--- Your assignment ---
Verbatim output of the full listing is required.

--- Material for this exercise ---
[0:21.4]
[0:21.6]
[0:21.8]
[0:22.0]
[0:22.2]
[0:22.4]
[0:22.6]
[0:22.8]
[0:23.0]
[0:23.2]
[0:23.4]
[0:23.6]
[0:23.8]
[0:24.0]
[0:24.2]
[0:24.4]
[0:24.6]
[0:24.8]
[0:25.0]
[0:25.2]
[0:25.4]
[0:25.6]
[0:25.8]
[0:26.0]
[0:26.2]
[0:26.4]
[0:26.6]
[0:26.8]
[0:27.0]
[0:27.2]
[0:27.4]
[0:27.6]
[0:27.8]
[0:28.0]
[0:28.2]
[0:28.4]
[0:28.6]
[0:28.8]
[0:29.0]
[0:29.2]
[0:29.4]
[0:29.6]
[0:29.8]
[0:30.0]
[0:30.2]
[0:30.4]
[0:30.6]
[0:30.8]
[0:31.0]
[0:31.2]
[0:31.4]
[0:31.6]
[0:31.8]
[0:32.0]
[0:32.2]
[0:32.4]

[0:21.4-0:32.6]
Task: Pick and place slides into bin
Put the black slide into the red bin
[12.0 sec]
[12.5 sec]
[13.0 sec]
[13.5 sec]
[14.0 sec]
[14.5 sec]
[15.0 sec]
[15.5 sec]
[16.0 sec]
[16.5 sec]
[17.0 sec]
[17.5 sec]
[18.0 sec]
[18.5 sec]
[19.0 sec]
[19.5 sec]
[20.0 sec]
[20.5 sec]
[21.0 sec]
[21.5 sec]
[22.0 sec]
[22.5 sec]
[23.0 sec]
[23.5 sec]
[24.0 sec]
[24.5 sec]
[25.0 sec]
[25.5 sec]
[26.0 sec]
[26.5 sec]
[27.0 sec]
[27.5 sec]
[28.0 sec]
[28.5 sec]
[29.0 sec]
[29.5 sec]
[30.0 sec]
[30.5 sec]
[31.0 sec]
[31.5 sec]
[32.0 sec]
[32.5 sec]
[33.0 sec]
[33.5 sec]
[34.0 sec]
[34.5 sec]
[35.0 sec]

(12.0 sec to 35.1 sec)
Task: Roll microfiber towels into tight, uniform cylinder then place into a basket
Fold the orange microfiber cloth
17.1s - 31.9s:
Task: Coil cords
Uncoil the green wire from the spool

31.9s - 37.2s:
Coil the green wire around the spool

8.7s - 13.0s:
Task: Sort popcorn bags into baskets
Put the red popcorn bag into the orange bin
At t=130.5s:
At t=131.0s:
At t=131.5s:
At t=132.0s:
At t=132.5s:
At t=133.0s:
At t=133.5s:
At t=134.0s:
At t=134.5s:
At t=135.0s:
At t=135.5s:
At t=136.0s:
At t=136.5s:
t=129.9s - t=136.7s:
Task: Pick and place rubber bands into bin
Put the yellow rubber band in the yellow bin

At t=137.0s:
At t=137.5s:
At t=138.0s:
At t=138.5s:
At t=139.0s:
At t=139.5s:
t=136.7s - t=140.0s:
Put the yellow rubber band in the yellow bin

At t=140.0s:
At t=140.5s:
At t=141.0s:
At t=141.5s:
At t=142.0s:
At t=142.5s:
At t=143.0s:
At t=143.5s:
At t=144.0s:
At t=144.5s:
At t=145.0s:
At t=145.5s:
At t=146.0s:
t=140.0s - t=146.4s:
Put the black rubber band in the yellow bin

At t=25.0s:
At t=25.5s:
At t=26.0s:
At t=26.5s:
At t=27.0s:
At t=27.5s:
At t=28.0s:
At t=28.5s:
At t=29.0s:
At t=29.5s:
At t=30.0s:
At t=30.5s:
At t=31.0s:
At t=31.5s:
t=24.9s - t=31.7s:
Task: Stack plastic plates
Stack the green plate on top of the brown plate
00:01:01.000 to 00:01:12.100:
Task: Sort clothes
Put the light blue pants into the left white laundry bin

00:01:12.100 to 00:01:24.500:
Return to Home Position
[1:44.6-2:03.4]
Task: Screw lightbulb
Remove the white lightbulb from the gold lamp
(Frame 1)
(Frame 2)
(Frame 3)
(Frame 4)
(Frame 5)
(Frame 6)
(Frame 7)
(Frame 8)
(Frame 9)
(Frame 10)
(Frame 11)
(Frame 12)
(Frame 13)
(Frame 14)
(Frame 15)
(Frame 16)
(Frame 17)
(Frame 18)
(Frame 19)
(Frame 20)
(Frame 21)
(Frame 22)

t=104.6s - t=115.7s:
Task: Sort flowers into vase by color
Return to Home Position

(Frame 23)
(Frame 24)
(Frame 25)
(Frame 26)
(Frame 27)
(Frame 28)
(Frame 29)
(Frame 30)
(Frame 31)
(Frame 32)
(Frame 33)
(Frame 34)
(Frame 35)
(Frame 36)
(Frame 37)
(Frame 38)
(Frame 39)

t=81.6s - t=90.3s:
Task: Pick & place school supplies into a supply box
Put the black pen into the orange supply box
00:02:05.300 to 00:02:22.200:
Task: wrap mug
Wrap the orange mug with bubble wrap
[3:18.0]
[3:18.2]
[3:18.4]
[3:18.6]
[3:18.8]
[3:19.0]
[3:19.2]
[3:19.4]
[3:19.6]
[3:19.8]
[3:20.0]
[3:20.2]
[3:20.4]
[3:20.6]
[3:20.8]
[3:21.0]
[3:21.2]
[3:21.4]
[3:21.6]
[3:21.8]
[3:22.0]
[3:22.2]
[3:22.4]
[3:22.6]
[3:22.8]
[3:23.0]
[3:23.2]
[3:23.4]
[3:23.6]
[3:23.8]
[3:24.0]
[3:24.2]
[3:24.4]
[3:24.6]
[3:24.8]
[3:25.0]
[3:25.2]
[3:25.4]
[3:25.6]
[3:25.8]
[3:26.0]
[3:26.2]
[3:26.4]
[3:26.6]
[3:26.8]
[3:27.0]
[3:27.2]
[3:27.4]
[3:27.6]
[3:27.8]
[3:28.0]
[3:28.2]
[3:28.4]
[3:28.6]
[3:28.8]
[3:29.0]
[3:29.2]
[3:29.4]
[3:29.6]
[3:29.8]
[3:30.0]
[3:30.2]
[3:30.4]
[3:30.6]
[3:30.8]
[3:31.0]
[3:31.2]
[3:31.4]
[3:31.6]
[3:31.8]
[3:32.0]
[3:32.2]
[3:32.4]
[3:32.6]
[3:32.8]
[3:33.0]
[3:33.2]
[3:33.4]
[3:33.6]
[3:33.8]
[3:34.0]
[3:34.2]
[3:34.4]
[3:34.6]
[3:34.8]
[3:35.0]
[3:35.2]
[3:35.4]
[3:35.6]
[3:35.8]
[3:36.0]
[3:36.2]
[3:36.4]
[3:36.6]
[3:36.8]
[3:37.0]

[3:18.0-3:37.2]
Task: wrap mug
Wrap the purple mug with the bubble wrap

--- Exercise solution ---
[0:21.4]
[0:21.6]
[0:21.8]
[0:22.0]
[0:22.2]
[0:22.4]
[0:22.6]
[0:22.8]
[0:23.0]
[0:23.2]
[0:23.4]
[0:23.6]
[0:23.8]
[0:24.0]
[0:24.2]
[0:24.4]
[0:24.6]
[0:24.8]
[0:25.0]
[0:25.2]
[0:25.4]
[0:25.6]
[0:25.8]
[0:26.0]
[0:26.2]
[0:26.4]
[0:26.6]
[0:26.8]
[0:27.0]
[0:27.2]
[0:27.4]
[0:27.6]
[0:27.8]
[0:28.0]
[0:28.2]
[0:28.4]
[0:28.6]
[0:28.8]
[0:29.0]
[0:29.2]
[0:29.4]
[0:29.6]
[0:29.8]
[0:30.0]
[0:30.2]
[0:30.4]
[0:30.6]
[0:30.8]
[0:31.0]
[0:31.2]
[0:31.4]
[0:31.6]
[0:31.8]
[0:32.0]
[0:32.2]
[0:32.4]

[0:21.4-0:32.6]
Task: Pick and place slides into bin
Put the black slide into the red bin
[12.0 sec]
[12.5 sec]
[13.0 sec]
[13.5 sec]
[14.0 sec]
[14.5 sec]
[15.0 sec]
[15.5 sec]
[16.0 sec]
[16.5 sec]
[17.0 sec]
[17.5 sec]
[18.0 sec]
[18.5 sec]
[19.0 sec]
[19.5 sec]
[20.0 sec]
[20.5 sec]
[21.0 sec]
[21.5 sec]
[22.0 sec]
[22.5 sec]
[23.0 sec]
[23.5 sec]
[24.0 sec]
[24.5 sec]
[25.0 sec]
[25.5 sec]
[26.0 sec]
[26.5 sec]
[27.0 sec]
[27.5 sec]
[28.0 sec]
[28.5 sec]
[29.0 sec]
[29.5 sec]
[30.0 sec]
[30.5 sec]
[31.0 sec]
[31.5 sec]
[32.0 sec]
[32.5 sec]
[33.0 sec]
[33.5 sec]
[34.0 sec]
[34.5 sec]
[35.0 sec]

(12.0 sec to 35.1 sec)
Task: Roll microfiber towels into tight, uniform cylinder then place into a basket
Fold the orange microfiber cloth
17.1s - 31.9s:
Task: Coil cords
Uncoil the green wire from the spool

31.9s - 37.2s:
Coil the green wire around the spool

8.7s - 13.0s:
Task: Sort popcorn bags into baskets
Put the red popcorn bag into the orange bin
At t=130.5s:
At t=131.0s:
At t=131.5s:
At t=132.0s:
At t=132.5s:
At t=133.0s:
At t=133.5s:
At t=134.0s:
At t=134.5s:
At t=135.0s:
At t=135.5s:
At t=136.0s:
At t=136.5s:
t=129.9s - t=136.7s:
Task: Pick and place rubber bands into bin
Put the yellow rubber band in the yellow bin

At t=137.0s:
At t=137.5s:
At t=138.0s:
At t=138.5s:
At t=139.0s:
At t=139.5s:
t=136.7s - t=140.0s:
Put the yellow rubber band in the yellow bin

At t=140.0s:
At t=140.5s:
At t=141.0s:
At t=141.5s:
At t=142.0s:
At t=142.5s:
At t=143.0s:
At t=143.5s:
At t=144.0s:
At t=144.5s:
At t=145.0s:
At t=145.5s:
At t=146.0s:
t=140.0s - t=146.4s:
Put the black rubber band in the yellow bin

At t=25.0s:
At t=25.5s:
At t=26.0s:
At t=26.5s:
At t=27.0s:
At t=27.5s:
At t=28.0s:
At t=28.5s:
At t=29.0s:
At t=29.5s:
At t=30.0s:
At t=30.5s:
At t=31.0s:
At t=31.5s:
t=24.9s - t=31.7s:
Task: Stack plastic plates
Stack the green plate on top of the brown plate
00:01:01.000 to 00:01:12.100:
Task: Sort clothes
Put the light blue pants into the left white laundry bin

00:01:12.100 to 00:01:24.500:
Return to Home Position
[1:44.6-2:03.4]
Task: Screw lightbulb
Remove the white lightbulb from the gold lamp
(Frame 1)
(Frame 2)
(Frame 3)
(Frame 4)
(Frame 5)
(Frame 6)
(Frame 7)
(Frame 8)
(Frame 9)
(Frame 10)
(Frame 11)
(Frame 12)
(Frame 13)
(Frame 14)
(Frame 15)
(Frame 16)
(Frame 17)
(Frame 18)
(Frame 19)
(Frame 20)
(Frame 21)
(Frame 22)

t=104.6s - t=115.7s:
Task: Sort flowers into vase by color
Return to Home Position

(Frame 23)
(Frame 24)
(Frame 25)
(Frame 26)
(Frame 27)
(Frame 28)
(Frame 29)
(Frame 30)
(Frame 31)
(Frame 32)
(Frame 33)
(Frame 34)
(Frame 35)
(Frame 36)
(Frame 37)
(Frame 38)
(Frame 39)

t=81.6s - t=90.3s:
Task: Pick & place school supplies into a supply box
Put the black pen into the orange supply box
00:02:05.300 to 00:02:22.200:
Task: wrap mug
Wrap the orange mug with bubble wrap
[3:18.0]
[3:18.2]
[3:18.4]
[3:18.6]
[3:18.8]
[3:19.0]
[3:19.2]
[3:19.4]
[3:19.6]
[3:19.8]
[3:20.0]
[3:20.2]
[3:20.4]
[3:20.6]
[3:20.8]
[3:21.0]
[3:21.2]
[3:21.4]
[3:21.6]
[3:21.8]
[3:22.0]
[3:22.2]
[3:22.4]
[3:22.6]
[3:22.8]
[3:23.0]
[3:23.2]
[3:23.4]
[3:23.6]
[3:23.8]
[3:24.0]
[3:24.2]
[3:24.4]
[3:24.6]
[3:24.8]
[3:25.0]
[3:25.2]
[3:25.4]
[3:25.6]
[3:25.8]
[3:26.0]
[3:26.2]
[3:26.4]
[3:26.6]
[3:26.8]
[3:27.0]
[3:27.2]
[3:27.4]
[3:27.6]
[3:27.8]
[3:28.0]
[3:28.2]
[3:28.4]
[3:28.6]
[3:28.8]
[3:29.0]
[3:29.2]
[3:29.4]
[3:29.6]
[3:29.8]
[3:30.0]
[3:30.2]
[3:30.4]
[3:30.6]
[3:30.8]
[3:31.0]
[3:31.2]
[3:31.4]
[3:31.6]
[3:31.8]
[3:32.0]
[3:32.2]
[3:32.4]
[3:32.6]
[3:32.8]
[3:33.0]
[3:33.2]
[3:33.4]
[3:33.6]
[3:33.8]
[3:34.0]
[3:34.2]
[3:34.4]
[3:34.6]
[3:34.8]
[3:35.0]
[3:35.2]
[3:35.4]
[3:35.6]
[3:35.8]
[3:36.0]
[3:36.2]
[3:36.4]
[3:36.6]
[3:36.8]
[3:37.0]

[3:18.0-3:37.2]
Task: wrap mug
Wrap the purple mug with the bubble wrap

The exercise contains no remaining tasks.